Осень приходит в Королевский лес милостиво. Долгие летние световые дни захватывают сентябрь; раскидистые дубы по-прежнему зелены; торфянистый гумус вересковых пустошей хранит ласковое приморское тепло; воздух пахнет остро и сладко.
За пределами леса собирают урожай. Жатва завершена, яблоки готовы упасть, туманы в голых полях напоминают сыростью, что надо собрать все до того, как солнце начинает убывать с приближением конца года.
Но в Королевском лесу природа выступает в иной ипостаси. Это пора, когда дубы роняют зеленые желуди, которые сплошь покрывают землю. Люди вроде Прайда выводят свиней кормиться этими желудями и буковыми орешками – плодокормом, как его называют. Это древнее право, на которое не посягнул даже нормандский король Вильгельм Завоеватель. Местные лесники напомнили ему: «Олень заболевает, если съедает слишком много зеленых желудей. Но свиньи их любят». Идут дни, и буки начинают желтеть, но с первым появлением этого признака мягкого упадка наблюдается другое, почти противоположное преобразование. Остролист бывает мужского пола и женского, и вот теперь, словно приветствуя приближение зимы, женские особи буквально взрываются алыми ягодами, густые грозди которых блестят на фоне кристально синего сентябрьского неба.
После равноденствия, когда вся природа осознаёт, что ночи становятся чуть дольше дней, происходят дальнейшие перемены. Цветы вереска уже превратились в крошечные белые точки, напоминая в совокупности изморозь, и пустошь меняет летний лиловый цвет на осенний бурый. Как и высыхающие листья папоротника, стебли орляка такие же коричневые, пока на них не падет осеннее солнце, на котором они блестят, словно начищенная бронза. Желуди, лежащие в палой листве, освободились от шапочек и тоже становятся коричневыми. Вечерние туманы приносят промозглую сырость. Холодные рассветы бодрят. Однако в Нью-Форесте все это признаки не конца, а начала. Если солнце уходит, то только с тем, чтобы уступить место еще более древнему божеству. Зима на пороге: это время серебряной луны.
Пора оленьего гона.
Самец горделиво вышел на середину брачной поляны. Был рассвет. Землю чуть подморозило. Вокруг поляны на почве, испещренной следами раздвоенных копыт, ожидали внимания восемь или девять самок. Некоторые двигались, производя звук, напоминающий свист плетки. В воздухе висело напряжение. Пришла и светлая самка. Она ждала смирно.
Рога у самца были великолепны, и он это знал. Тяжелые полированные лопасти вырастали из черепа фута на два с половиной, и на них было страшно смотреть. Они полностью выросли с августа, когда начало отшелушиваться бархатистое покрытие. Он много дней чесал их о мелкие деревца и побеги, оставляя метины на коре. Было приятно чувствовать, как гнутся под их весом молодые деревья; он ощущал свою растущую мощь. У этого трения была двойная цель: не только счистить остатки бархата, но и обработать кость – она, кремово-белая при созревании, приобрела оболочку, отполировалась, затвердела и стала блестяще-коричневой.
К сентябрю его начало охватывать беспокойство. Шея раздулась. Кадык увеличился; щекочущее ощущение силы, казалось, заполнило все тело, от крупа до широких плеч.
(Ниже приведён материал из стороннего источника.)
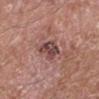Recorded during total-body skin imaging; not selected for excision or biopsy. Automated tile analysis of the lesion measured a footprint of about 6.5 mm² and an eccentricity of roughly 0.75. It also reported a lesion color around L≈44 a*≈21 b*≈21 in CIELAB, about 12 CIELAB-L* units darker than the surrounding skin, and a lesion-to-skin contrast of about 9 (normalized; higher = more distinct). The analysis additionally found a border-irregularity index near 3/10, a color-variation rating of about 7/10, and peripheral color asymmetry of about 2.5. Located on the right lower leg. Captured under white-light illumination. A roughly 15 mm field-of-view crop from a total-body skin photograph. A male patient, about 60 years old.
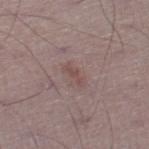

Он принялся ходить важно, с притопом; его тянуло доказать действием свою мощь. Ночами он в одиночку бродил по лесу, наведываясь то туда, то сюда, как рыцарь в поисках приключений. Однако постепенно он начал двигаться в ту часть Нью-Фореста, где годом раньше его увидела светлая самка. Поскольку самцы, когда намерены спариться, инстинктивно уходят от изначального дома, генетический код оленей постоянно перетасовывается. К концу сентября самец был готов выделить свою брачную поляну. Но перед этим надлежало состояться еще одной древней церемонии.
Кто может знать, когда в Королевском лесу впервые появились благородные олени? Они были там с незапамятных времен. Если у самца лани рога росли широкими лопастями, то у благородных оленей большая корона ветвилась острыми отростками. Поголовье благородных оленей никогда не бывало значительным. Лишенных проворства и смышлености ланей, их было легче убить, и лани уже намного превзошли их числом. В то время как лани облюбовали лесные поляны, благородные олени остались верны вереску и, лежа в пустошах, даже при свете дня почти сливались с землей. С приближением осеннего гона казалось естественным, что их, первобытных и нордических, в отличие от изящных французских пришельцев, превзойдут даже крупные самцы лани и добьются превосходства над этими древними существами, которые, весьма возможно, обитали в тиши пустошей с ледникового периода.